Auf Basis des oben stehenden, wollen wir folgendes betonen:

1. Die Solidaritätsklinik von Arta ist eine AUTONOME, SELBSTORGANISIERTE und UNABHÄNGIGE, SOZIALE Solidaritätsstruktur, die KOMPLETT OHNE GEBÜHREN medizinische Erstversorgung bietet für Unversicherte, Arbeitslose und Mitbürger, die Not leiden. Die SSCP von Arta ist weder ein Krankenhaus noch eine Poliklinik, es werden keine medizinische Handlungen durchgeführt, dementsprechend benötigt es keine Genehmigung der lokalen Ärztekammer. Entgegen den unwahren Behauptungen der Ärztekammer von Arta über das Engagement von Ärzten im SSCP  als bezahlte Angestellte oder als Freiberufler, die für ihre Dienstleistung Rechnungen stellen, erklären wir ausdrücklich und unmissverständlich, dass alle beteiligten Ärzte ihre Dienste UNENTGELTLICH anbieten. Diese Leistungen werden in ihrer Praxis/Klinik erbracht und sie werden nicht bezahlt. Und überhaupt, das Gesetzt selbst legt fest, dass es Ärzten erlaubt ist, bis zu fünf Patienten im Monat umsonst zu behandeln. Bis jetzt freilich wussten wir nicht, dass gesellschaftliche Solidarität eine verbotene Handlung ist. Es ist traurig, dass es Menschen gibt, die das so sehen!

2. Alle von uns (im Gesundheitswesen Tätige und viele andere, solidarische Bürger) haben an der Erschaffung dieser Gemeinschaft mitgewirkt, weil wir tagtäglich von Beginn der Krise bis Heute einer steigenden Zahl unversicherter Mitmenschen begegneten, die den Ausschluss von medizinischer Unterstützung, Hilfeleistungen und Medikamenten erlebten (und noch erleben), was zu höherer Krankheitshäufigkeit und Sterblichkeit bei den benachteiligten, sozialen Gruppen führt.

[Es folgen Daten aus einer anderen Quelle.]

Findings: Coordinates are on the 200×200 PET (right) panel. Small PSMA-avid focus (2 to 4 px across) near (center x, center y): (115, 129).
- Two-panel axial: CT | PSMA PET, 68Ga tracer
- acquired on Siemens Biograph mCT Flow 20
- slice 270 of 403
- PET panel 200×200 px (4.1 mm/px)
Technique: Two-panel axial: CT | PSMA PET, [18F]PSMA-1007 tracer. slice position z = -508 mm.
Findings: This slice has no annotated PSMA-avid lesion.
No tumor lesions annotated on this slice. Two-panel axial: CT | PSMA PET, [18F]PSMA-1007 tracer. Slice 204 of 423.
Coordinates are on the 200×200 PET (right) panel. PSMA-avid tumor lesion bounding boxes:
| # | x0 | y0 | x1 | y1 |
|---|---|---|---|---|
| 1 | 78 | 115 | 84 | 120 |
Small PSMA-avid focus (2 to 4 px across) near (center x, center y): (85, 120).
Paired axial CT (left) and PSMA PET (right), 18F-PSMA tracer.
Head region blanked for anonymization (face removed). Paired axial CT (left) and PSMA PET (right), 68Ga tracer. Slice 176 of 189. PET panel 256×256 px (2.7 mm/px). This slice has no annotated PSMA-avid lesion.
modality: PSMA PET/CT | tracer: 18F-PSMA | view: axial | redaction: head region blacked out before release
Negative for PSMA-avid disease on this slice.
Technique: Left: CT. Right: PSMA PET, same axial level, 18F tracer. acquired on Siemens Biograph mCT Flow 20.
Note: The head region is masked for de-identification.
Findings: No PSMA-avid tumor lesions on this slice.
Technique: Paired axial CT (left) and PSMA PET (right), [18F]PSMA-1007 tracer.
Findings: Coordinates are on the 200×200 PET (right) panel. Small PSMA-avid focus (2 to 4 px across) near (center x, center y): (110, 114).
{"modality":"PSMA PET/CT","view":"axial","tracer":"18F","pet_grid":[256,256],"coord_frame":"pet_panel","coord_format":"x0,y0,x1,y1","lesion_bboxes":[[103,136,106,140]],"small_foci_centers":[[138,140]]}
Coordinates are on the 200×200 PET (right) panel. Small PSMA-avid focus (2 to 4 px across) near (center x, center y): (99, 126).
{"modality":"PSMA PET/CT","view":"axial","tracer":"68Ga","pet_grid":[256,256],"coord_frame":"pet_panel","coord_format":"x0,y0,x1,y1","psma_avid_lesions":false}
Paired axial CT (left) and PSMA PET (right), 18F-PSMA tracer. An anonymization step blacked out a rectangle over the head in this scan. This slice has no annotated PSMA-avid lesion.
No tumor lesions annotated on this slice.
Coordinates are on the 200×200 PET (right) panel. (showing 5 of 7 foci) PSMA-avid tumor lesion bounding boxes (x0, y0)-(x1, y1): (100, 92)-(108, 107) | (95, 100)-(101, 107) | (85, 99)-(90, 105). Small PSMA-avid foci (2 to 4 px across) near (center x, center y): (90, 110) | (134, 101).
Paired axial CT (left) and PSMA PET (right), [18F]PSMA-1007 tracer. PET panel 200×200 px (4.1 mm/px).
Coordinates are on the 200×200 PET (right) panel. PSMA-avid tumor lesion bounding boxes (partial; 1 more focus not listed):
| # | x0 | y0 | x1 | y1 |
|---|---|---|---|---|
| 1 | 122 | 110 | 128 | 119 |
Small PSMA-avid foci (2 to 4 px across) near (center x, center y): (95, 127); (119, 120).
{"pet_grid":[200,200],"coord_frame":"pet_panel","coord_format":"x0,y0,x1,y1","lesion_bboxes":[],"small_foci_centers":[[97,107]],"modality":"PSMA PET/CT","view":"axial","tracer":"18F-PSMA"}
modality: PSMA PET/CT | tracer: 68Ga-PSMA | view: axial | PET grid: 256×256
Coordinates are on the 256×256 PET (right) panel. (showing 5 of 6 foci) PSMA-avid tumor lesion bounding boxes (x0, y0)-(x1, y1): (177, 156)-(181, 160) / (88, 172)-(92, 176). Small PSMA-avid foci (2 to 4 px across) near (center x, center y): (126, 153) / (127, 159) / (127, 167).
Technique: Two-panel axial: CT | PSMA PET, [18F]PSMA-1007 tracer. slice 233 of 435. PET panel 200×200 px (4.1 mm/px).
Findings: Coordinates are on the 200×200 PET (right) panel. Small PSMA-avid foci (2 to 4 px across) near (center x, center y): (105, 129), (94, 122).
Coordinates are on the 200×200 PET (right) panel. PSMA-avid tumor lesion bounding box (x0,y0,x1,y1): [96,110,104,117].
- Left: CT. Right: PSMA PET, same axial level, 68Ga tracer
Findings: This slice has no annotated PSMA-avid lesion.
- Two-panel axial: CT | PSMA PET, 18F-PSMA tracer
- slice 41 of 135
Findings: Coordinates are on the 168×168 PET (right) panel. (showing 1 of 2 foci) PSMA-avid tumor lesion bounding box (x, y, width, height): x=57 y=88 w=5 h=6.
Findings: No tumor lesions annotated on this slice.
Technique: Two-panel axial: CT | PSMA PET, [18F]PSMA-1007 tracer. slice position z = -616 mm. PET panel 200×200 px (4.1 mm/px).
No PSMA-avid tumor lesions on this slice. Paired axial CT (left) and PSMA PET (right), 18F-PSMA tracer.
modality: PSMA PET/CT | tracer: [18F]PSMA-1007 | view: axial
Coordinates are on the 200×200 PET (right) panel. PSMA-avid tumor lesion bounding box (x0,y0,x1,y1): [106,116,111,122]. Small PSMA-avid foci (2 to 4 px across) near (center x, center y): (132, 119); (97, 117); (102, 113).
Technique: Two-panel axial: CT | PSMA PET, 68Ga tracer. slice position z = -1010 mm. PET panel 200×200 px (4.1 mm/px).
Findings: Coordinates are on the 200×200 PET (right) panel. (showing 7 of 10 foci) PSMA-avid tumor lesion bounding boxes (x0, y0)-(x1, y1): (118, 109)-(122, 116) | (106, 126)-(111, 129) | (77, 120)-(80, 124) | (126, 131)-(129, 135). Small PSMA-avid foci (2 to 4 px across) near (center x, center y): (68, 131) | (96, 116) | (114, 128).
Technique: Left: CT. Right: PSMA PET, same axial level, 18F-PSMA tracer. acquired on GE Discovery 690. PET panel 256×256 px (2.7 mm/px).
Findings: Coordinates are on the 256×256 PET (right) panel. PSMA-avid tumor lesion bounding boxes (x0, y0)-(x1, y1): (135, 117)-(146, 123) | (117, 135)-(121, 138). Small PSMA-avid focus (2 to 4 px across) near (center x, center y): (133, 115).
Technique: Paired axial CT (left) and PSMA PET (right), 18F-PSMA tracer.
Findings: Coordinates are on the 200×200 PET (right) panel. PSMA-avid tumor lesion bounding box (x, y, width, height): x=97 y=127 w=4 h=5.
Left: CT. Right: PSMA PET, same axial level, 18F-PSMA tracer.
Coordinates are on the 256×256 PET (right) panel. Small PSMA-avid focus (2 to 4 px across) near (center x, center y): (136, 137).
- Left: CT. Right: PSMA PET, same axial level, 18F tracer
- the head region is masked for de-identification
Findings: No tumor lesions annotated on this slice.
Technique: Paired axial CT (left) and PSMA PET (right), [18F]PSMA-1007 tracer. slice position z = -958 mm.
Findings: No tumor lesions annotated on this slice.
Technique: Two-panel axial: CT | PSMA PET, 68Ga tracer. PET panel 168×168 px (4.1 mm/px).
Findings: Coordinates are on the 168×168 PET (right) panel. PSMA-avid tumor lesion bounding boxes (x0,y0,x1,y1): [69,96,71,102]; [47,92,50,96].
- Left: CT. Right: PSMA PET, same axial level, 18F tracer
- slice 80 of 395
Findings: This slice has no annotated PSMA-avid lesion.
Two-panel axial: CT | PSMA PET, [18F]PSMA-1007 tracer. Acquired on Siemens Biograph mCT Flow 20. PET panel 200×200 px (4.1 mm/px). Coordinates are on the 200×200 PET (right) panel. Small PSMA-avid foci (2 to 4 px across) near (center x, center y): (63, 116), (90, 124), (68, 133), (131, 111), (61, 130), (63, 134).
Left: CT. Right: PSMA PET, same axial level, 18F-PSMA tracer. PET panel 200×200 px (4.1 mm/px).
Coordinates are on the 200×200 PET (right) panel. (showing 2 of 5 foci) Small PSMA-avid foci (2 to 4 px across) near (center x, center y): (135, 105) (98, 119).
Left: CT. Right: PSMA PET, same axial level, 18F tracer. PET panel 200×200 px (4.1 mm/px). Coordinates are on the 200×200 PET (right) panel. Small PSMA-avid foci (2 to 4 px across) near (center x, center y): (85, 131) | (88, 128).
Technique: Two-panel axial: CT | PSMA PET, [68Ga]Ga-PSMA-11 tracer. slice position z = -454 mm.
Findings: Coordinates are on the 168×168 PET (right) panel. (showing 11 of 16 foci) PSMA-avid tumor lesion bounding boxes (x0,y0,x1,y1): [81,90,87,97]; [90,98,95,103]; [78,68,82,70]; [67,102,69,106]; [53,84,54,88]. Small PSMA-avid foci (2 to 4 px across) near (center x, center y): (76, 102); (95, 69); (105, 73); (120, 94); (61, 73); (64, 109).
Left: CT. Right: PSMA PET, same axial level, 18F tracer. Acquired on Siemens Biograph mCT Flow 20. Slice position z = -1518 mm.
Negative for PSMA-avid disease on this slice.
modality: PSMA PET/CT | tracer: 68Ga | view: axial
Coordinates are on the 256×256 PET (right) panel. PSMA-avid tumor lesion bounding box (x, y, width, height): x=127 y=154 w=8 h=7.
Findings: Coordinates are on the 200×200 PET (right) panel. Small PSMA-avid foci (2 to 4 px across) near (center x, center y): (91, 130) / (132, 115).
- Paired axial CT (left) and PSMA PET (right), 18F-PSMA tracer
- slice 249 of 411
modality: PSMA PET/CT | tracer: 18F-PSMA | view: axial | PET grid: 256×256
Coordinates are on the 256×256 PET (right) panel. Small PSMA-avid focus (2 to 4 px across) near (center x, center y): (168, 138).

Unsere gemeinsame Ansicht ist:

 Gesundheit ist eines der höchsten gesellschaftlichen Güter

 Jeder Mensch hat das Recht auf einen angemessenen Lebensstandart, der dieser Person und seiner/ihrer Familie Gesundheit und Wohlbefinden, ärztliche Betreuung und notwendige Leistungen der sozialen Fürsorge gewährleistet (Artikel 25 der Allgemeinen Erklärung der Menschenrechte).

Die Schaffung eines Schutzschildes und der Zusammenhalt der Gesellschaft durch gesellschaftliche Solidaritätsnetzwerke ist essenziell für die Gesellschaft, um in der Lage zu sein, Widerstand zu leisten und eine alternative Lösung für die Krise zu fordern, die ihrem eigenen Vorteil am Besten genügt.

Wir sind nicht „die guten Samariter“, wie uns manche ironisch bezeichneten. Wir haben keine Absicht und noch weniger die Illusion den Staat zu ersetzen, der sich aus der Verantwortung für die Gesundheitsversorgung der Bürger gestohlen hat. Wir kämpfen weiter für ein Gesundheitssystem. Für öffentliche Gesundheitsversorgung und Fürsorge für alle, ohne Ausgrenzung.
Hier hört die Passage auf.